Quelle est la différence entre un incipit progressif et un incipit in medias res ?
Qu'est-ce qui caractérise l'incipit in medias res sur le plan de la narration ?
Quel est l'intérêt de l'incipit in medias res ?
Que peut-on dire à propos de l'incipit progressif ?
Quels sont les éléments contextuels transmis par l'incipit progressif ?
De quel genre l'incipit in medias res est-il hérité ?
À l'origine, le mot "incipit" désignait la première phrase d'un roman. Il répond à trois caractéristiques : il informe en mettant en place les lieux, le temps et les personnages de l'action. Il intéresse par divers procédés techniques comme l'entrée in medias res ou les figures de style. Il noue le contrat de lecture avec le lecteur en lui indiquant le genre narratif du roman, le style, le ton et le niveau de langage employés.

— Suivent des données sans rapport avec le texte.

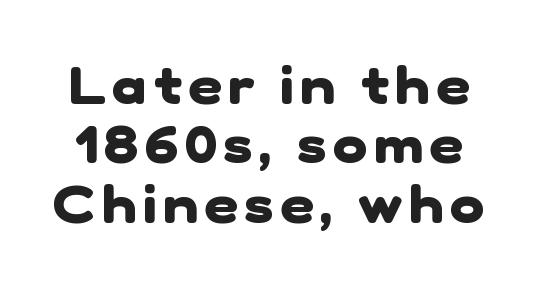
Q: Is the text bold? A: Yes.
Q: Is the typeface a serif or a sans-serif typeface? A: Sans-serif.
Q: Is the text underlined? A: No.
Q: Is the spacing between lines tight, normal or loose? A: Tight.
Q: Width (condensed, normal, or wide)? A: Normal.
Q: Stroke contrast? A: Low.
Q: x-height? A: Medium.
Q: Monospaced? A: No.
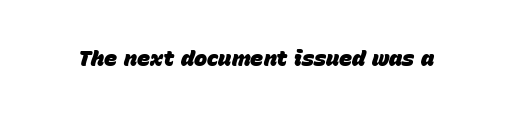
Q: Is the text bold? A: Yes.
Q: Is the text italic (slanted)? A: Yes, it leans right by about 15 degrees.
Q: Is the text underlined? A: No.
Q: Is the spacing between letters normal or unusually wide? A: Normal.
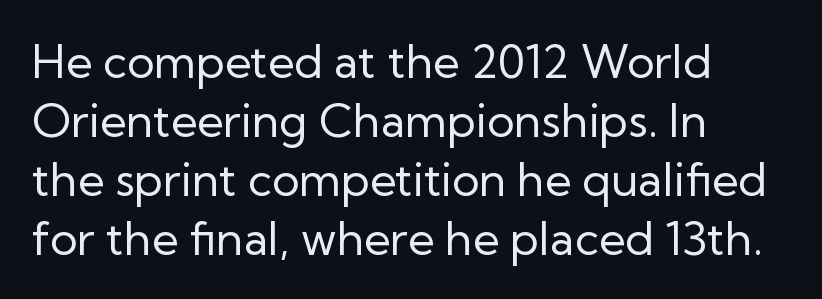
{"serif": "no", "italic": "no", "bold": "no", "weight": "regular", "width": "normal", "stroke_contrast": "low", "x_height": "medium", "monospaced": "no", "underline": "no", "align": "left", "line_spacing": "normal", "line_spacing_ratio": 1.28, "letter_spacing": "normal", "letter_spacing_em": 0.0, "glyph_px": 46}
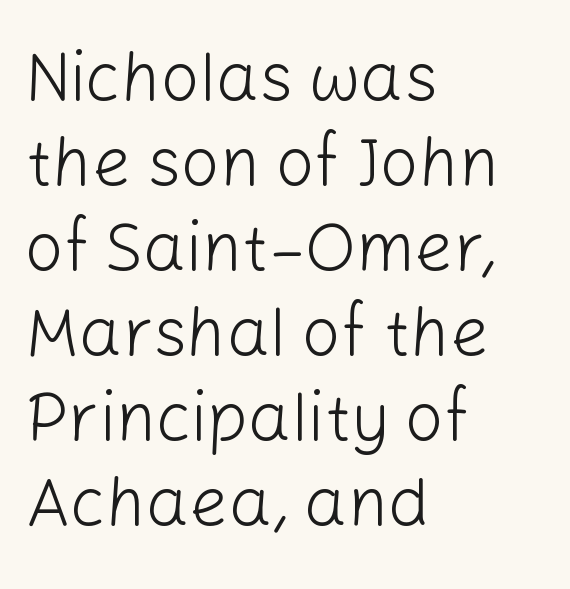
Q: Is the text bold? A: No.
Q: Is the text italic (slanted)? A: No, it is upright.
Q: Is the typeface a serif or a sans-serif typeface? A: Sans-serif.
Q: Is the text underlined? A: No.
Q: How is the paragraph aligned? A: Left-aligned.
Q: Is the spacing between letters normal or unusually wide? A: Normal.
Q: Is the spacing between lines tight, normal or loose? A: Normal.
Q: Width (condensed, normal, or wide)? A: Normal.
Q: Stroke contrast? A: Low.
Q: x-height? A: Medium.
Q: Monospaced? A: No.
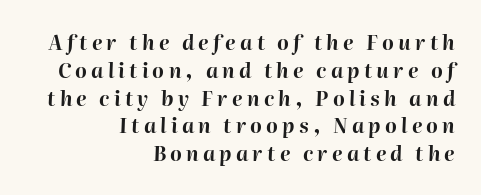
The image shows 20 px bold type, italic (leaning right); set right-aligned, normal line spacing (1.39x), unusually wide letter spacing (+0.21 em), not underlined.
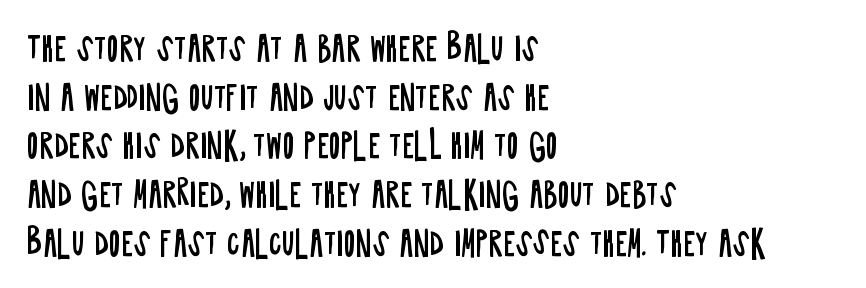
{"serif": "no", "italic": "no", "bold": "no", "weight": "regular", "width": "condensed", "stroke_contrast": "low", "x_height": "large", "monospaced": "no", "underline": "no", "align": "left", "line_spacing": "normal", "line_spacing_ratio": 1.52, "letter_spacing": "normal", "letter_spacing_em": 0.0, "glyph_px": 32}
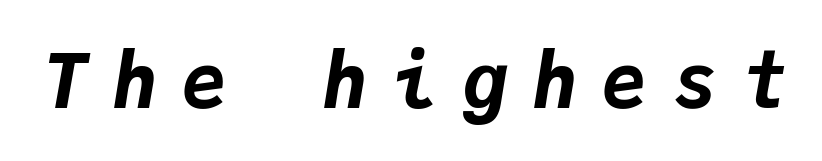
The image shows 76 px bold type, italic (leaning right), monospaced; set unusually wide letter spacing (+0.32 em), not underlined; low stroke contrast and a medium x-height.
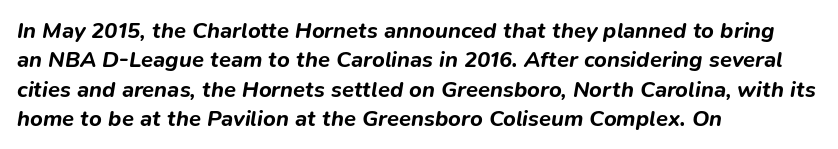
{"italic": "yes", "lean": "right", "slant_degrees": 9, "bold": "yes", "underline": "no", "align": "left", "line_spacing": "normal", "line_spacing_ratio": 1.33, "letter_spacing": "normal", "letter_spacing_em": 0.0, "glyph_px": 22}
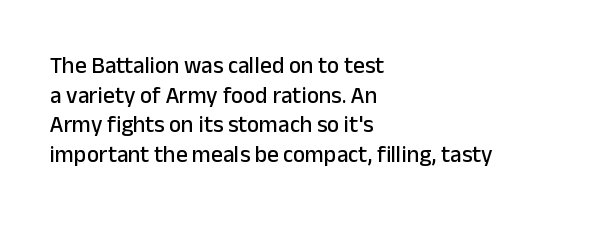
Descenders are the only things crossing below the line. A classic flush-left, rag-right setting is used for this passage. Upright lettering throughout. Quick note: interline space is typical. Letter spacing: default.
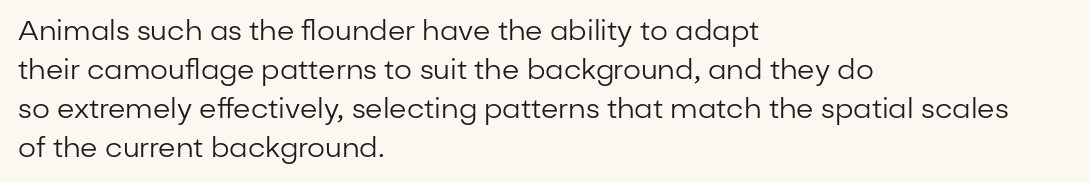
Q: Is the text bold? A: No.
Q: Is the text italic (slanted)? A: No, it is upright.
Q: Is the typeface a serif or a sans-serif typeface? A: Sans-serif.
Q: Is the text underlined? A: No.
Q: How is the paragraph aligned? A: Left-aligned.
Q: Is the spacing between letters normal or unusually wide? A: Normal.
Q: Is the spacing between lines tight, normal or loose? A: Normal.
Q: Width (condensed, normal, or wide)? A: Normal.
Q: Stroke contrast? A: Low.
Q: x-height? A: Medium.
Q: Monospaced? A: No.
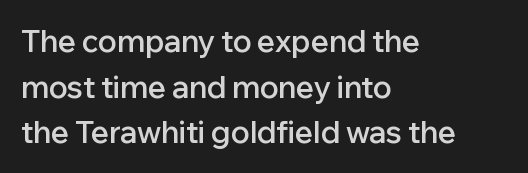
Strokes here are thickened, but only to semibold level. Classification — sans serif. Glyph-to-glyph distance matches everyday printed text. These lines are rendered in a variable-pitch font. Only glyphs here, with clear space below each row. The passage is arranged the way most books set body copy — flush left.
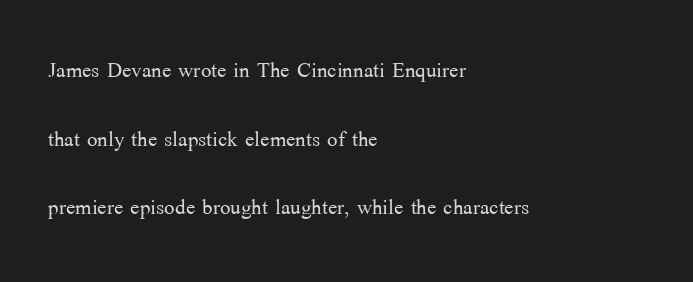
The face used here is proportionally spaced, like ordinary book or web type. The line-height multiplier appears high, well above default. Letters rest on an invisible, unmarked baseline. Summary of weight: not heavy and not bold.
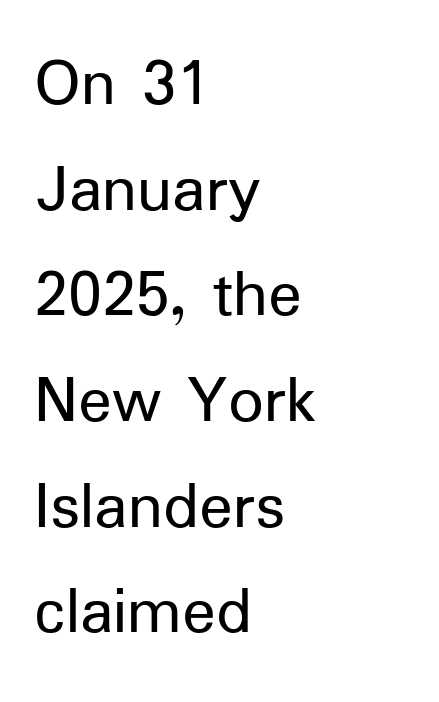
{"serif": "no", "italic": "no", "bold": "no", "weight": "regular", "width": "normal", "stroke_contrast": "low", "x_height": "medium", "monospaced": "no", "underline": "no", "align": "left", "line_spacing": "normal", "line_spacing_ratio": 1.51, "letter_spacing": "normal", "letter_spacing_em": 0.0, "glyph_px": 70}

L'incipit progressif annonce le décor, les personnages, la temporalité et les circonstances de l'action au fur et à mesure que le narrateur avance dans le récit au début du roman. Il ne donne pas les réponses à toutes les questions. Il s'agit de l'incipit "classique" consistant à favoriser la compréhension du lecteur par un cadre spatio-temporel le plus souvent. C'est le cas de l'incipit de L'Éducation sentimentale de Flaubert :
"Le 15 septembre 1840, vers six heures du matin, la Ville-de-Montereau, près de partir, fumait à gros tourbillons devant le quai Saint-Bernard. Des gens arrivaient hors d'haleine ; des barriques, des câbles, des corbeilles de linge gênaient la circulation ; les matelots ne répondaient à personne ; on se heurtait ; les colis montaient entre les deux tambours, et le tapage s'absorbait dans le bruissement de la vapeur, qui, s'échappant par des plaques de tôle, enveloppait tout d'une nuée blanchâtre, tandis que la cloche, à l'avant, tintait sans discontinuer."
L'incipit in medias res, lui, apporte les éléments d'information aux lecteurs, de manière détournée : les circonstances de l'action romanesque sont évoquées par le dialogue des personnages, se racontant entre eux des événements passés. Le roman entraîne donc les lecteurs dans le feu de l'action avant de leur donner les paramètres de celle-ci. Cette technique est suivie d'un retour en arrière explicatif. On y a recours quand les personnages sont nombreux et que le sujet est long à expliquer. Héritée du genre épique, la technique a été notamment utilisée au cinéma par le flashback. C'est ce qu'illustrent aussi de nombreux romans et nouvelles du XXe siècle. L'avantage de ce type d'incipit est qu'il crée une accroche plus susceptible de capter l'attention du lecteur en le déroutant. Le romancier crée ainsi un certain suspens. On peut citer l'exemple de l'incipit de Jacques le Fataliste de Diderot :
"Comment s'étaient-ils rencontrés ? Par hasard, comme tout le monde. Comment s'appelaient-ils ? Que vous importe ? D'où venaient-ils ? Du lieu le plus prochain. Où allaient-ils ? Est-ce que l'on sait où l'on va ? Que disaient-ils ? Le maître ne disait rien ; et Jacques disait que son capitaine disait que tout ce qui nous arrive de bien et de mal ici-bas était écrit là-haut."
- L'incipit progressif est l'annonce des circonstances de l'action romanesque en tout début de roman dans le corps du récit.
- L'incipit in medias res ménage le suspense par une annonce implicite des circonstances à l'aide des dialogues entre personnages.